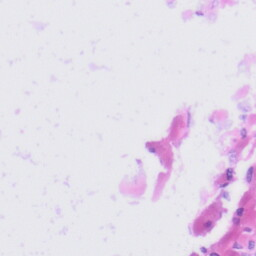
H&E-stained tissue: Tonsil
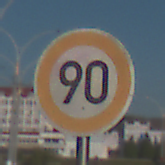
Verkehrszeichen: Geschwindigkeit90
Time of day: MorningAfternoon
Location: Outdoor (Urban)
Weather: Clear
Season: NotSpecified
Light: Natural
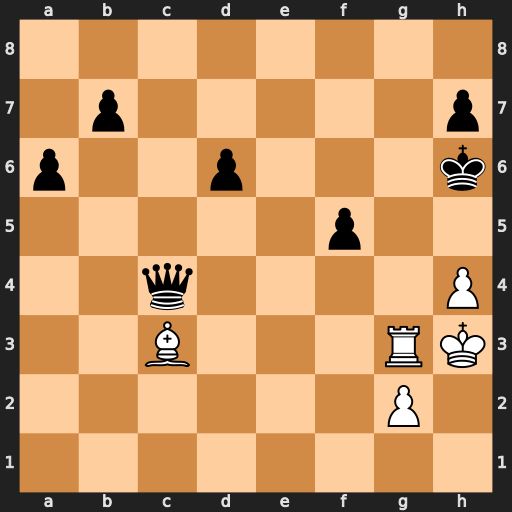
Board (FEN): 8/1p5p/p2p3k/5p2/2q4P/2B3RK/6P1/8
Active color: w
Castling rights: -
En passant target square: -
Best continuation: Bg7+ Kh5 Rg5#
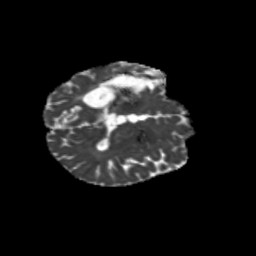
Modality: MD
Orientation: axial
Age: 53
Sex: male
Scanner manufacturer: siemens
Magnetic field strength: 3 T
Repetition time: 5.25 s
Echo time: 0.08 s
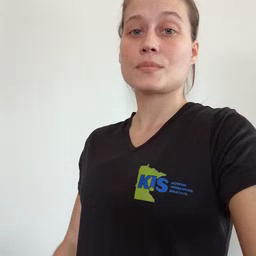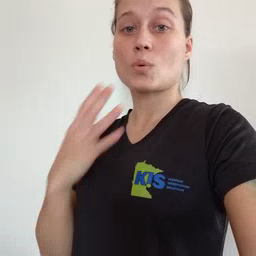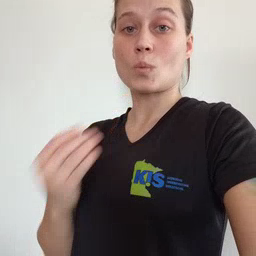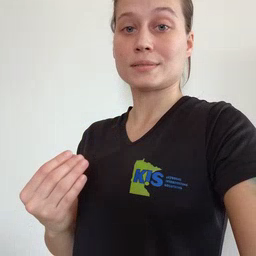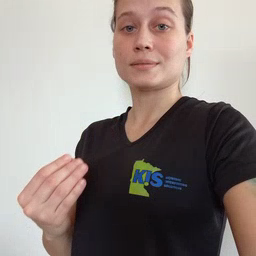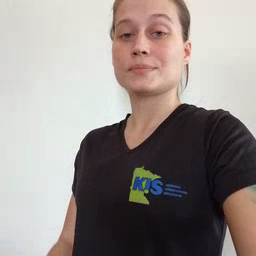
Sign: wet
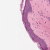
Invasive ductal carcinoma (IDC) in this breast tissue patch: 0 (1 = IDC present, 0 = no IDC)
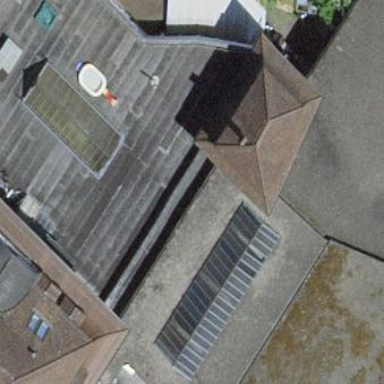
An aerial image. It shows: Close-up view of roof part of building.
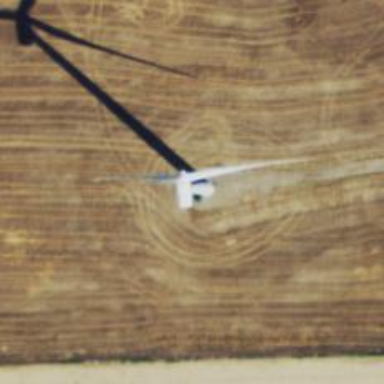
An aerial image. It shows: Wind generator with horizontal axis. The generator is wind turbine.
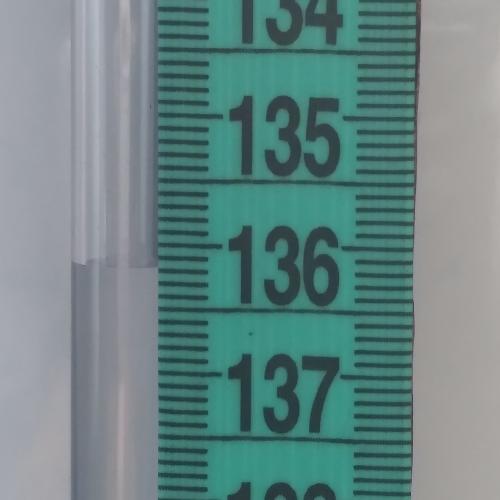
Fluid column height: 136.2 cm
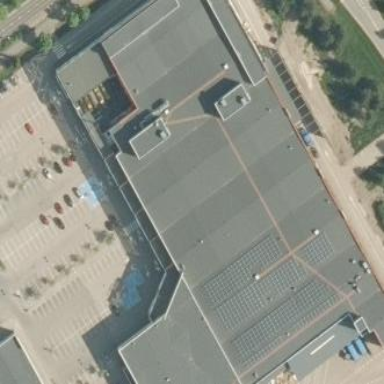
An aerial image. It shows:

▬▬▬

Begin at the first line of the records and please reproduce every line exactly through the one containing "Orientation: axial", leaving all pictures out.

H&E-stained tissue: Tonsil
Verkehrszeichen: Geschwindigkeit90
Time of day: MorningAfternoon
Location: Outdoor (Urban)
Weather: Clear
Season: NotSpecified
Light: Natural
Board (FEN): 8/1p5p/p2p3k/5p2/2q4P/2B3RK/6P1/8
Active color: w
Castling rights: -
En passant target square: -
Best continuation: Bg7+ Kh5 Rg5#
Modality: MD
Orientation: axial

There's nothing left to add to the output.